▼
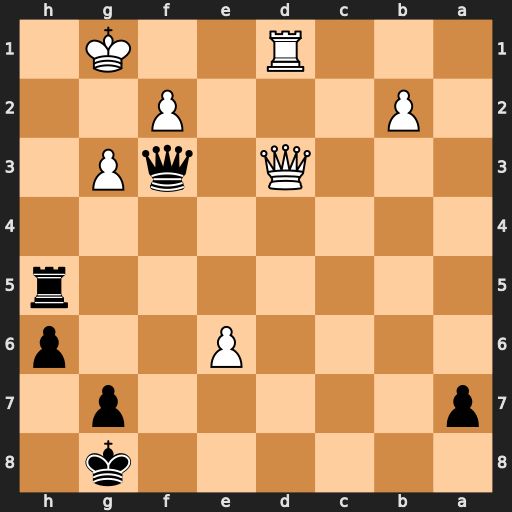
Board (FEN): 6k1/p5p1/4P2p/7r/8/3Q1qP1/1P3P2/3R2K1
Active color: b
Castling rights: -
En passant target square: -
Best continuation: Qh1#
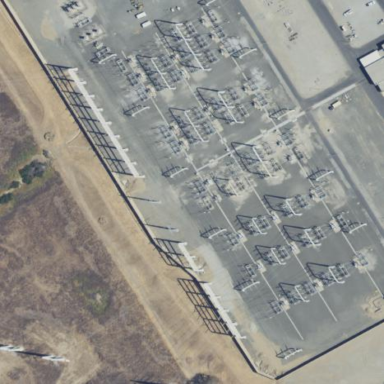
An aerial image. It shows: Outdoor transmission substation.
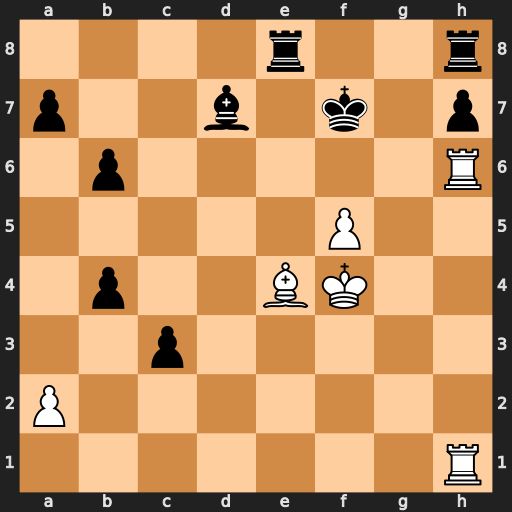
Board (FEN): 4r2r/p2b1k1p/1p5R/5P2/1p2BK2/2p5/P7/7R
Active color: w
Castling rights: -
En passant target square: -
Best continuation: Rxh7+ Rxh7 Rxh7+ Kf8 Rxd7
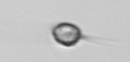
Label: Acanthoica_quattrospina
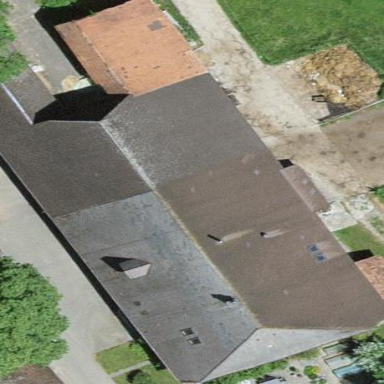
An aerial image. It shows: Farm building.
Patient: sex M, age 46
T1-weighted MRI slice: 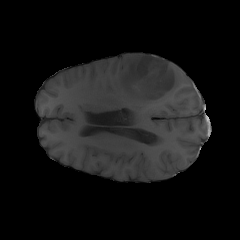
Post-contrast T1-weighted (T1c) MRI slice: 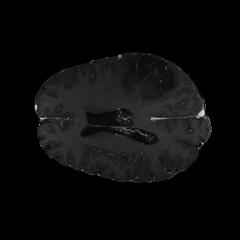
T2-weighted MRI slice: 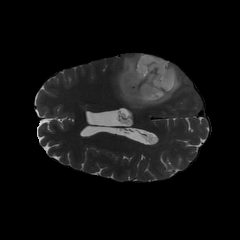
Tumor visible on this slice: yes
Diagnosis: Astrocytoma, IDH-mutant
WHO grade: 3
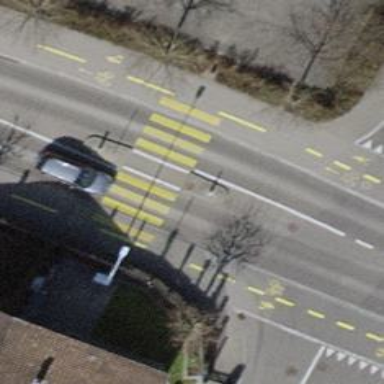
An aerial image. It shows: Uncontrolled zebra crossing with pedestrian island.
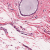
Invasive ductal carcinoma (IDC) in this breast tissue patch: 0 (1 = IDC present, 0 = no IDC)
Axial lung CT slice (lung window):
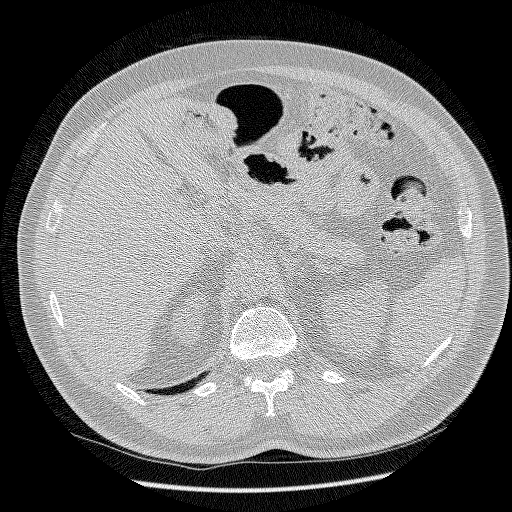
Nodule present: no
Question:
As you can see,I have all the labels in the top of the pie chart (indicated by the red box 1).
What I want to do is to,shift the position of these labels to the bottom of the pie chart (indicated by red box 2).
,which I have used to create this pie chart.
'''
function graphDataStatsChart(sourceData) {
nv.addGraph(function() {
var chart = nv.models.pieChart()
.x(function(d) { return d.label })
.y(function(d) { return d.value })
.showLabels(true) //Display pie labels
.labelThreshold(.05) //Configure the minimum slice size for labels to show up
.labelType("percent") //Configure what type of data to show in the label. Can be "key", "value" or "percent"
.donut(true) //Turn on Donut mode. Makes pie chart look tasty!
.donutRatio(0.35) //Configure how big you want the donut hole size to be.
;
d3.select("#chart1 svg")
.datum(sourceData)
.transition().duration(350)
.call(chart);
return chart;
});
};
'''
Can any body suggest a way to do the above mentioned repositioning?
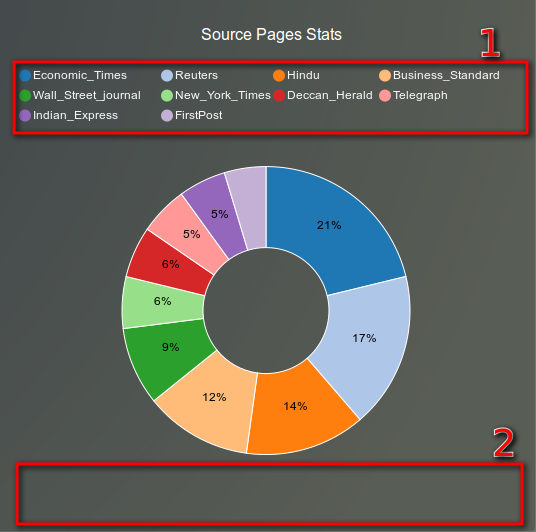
▲
Task brief — Word for word, restate the records shown above, minus the pictures.

Result for this exercise —
Board (FEN): 6k1/p5p1/4P2p/7r/8/3Q1qP1/1P3P2/3R2K1
Active color: b
Castling rights: -
En passant target square: -
Best continuation: Qh1#
An aerial image. It shows: Outdoor transmission substation.
Board (FEN): 4r2r/p2b1k1p/1p5R/5P2/1p2BK2/2p5/P7/7R
Active color: w
Castling rights: -
En passant target square: -
Best continuation: Rxh7+ Rxh7 Rxh7+ Kf8 Rxd7
Label: Acanthoica_quattrospina
An aerial image. It shows: Farm building.
Patient: sex M, age 46
T1-weighted MRI slice: 
Post-contrast T1-weighted (T1c) MRI slice: 
T2-weighted MRI slice: 
Tumor visible on this slice: yes
Diagnosis: Astrocytoma, IDH-mutant
WHO grade: 3
An aerial image. It shows: Uncontrolled zebra crossing with pedestrian island.
Invasive ductal carcinoma (IDC) in this breast tissue patch: 0 (1 = IDC present, 0 = no IDC)
Axial lung CT slice (lung window):
Nodule present: no
Question:
As you can see,I have all the labels in the top of the pie chart (indicated by the red box 1).
What I want to do is to,shift the position of these labels to the bottom of the pie chart (indicated by red box 2).
,which I have used to create this pie chart.
'''
function graphDataStatsChart(sourceData) {
nv.addGraph(function() {
var chart = nv.models.pieChart()
.x(function(d) { return d.label })
.y(function(d) { return d.value })
.showLabels(true) //Display pie labels
.labelThreshold(.05) //Configure the minimum slice size for labels to show up
.labelType("percent") //Configure what type of data to show in the label. Can be "key", "value" or "percent"
.donut(true) //Turn on Donut mode. Makes pie chart look tasty!
.donutRatio(0.35) //Configure how big you want the donut hole size to be.
;
d3.select("#chart1 svg")
.datum(sourceData)
.transition().duration(350)
.call(chart);
return chart;
});
};
'''
Can any body suggest a way to do the above mentioned repositioning?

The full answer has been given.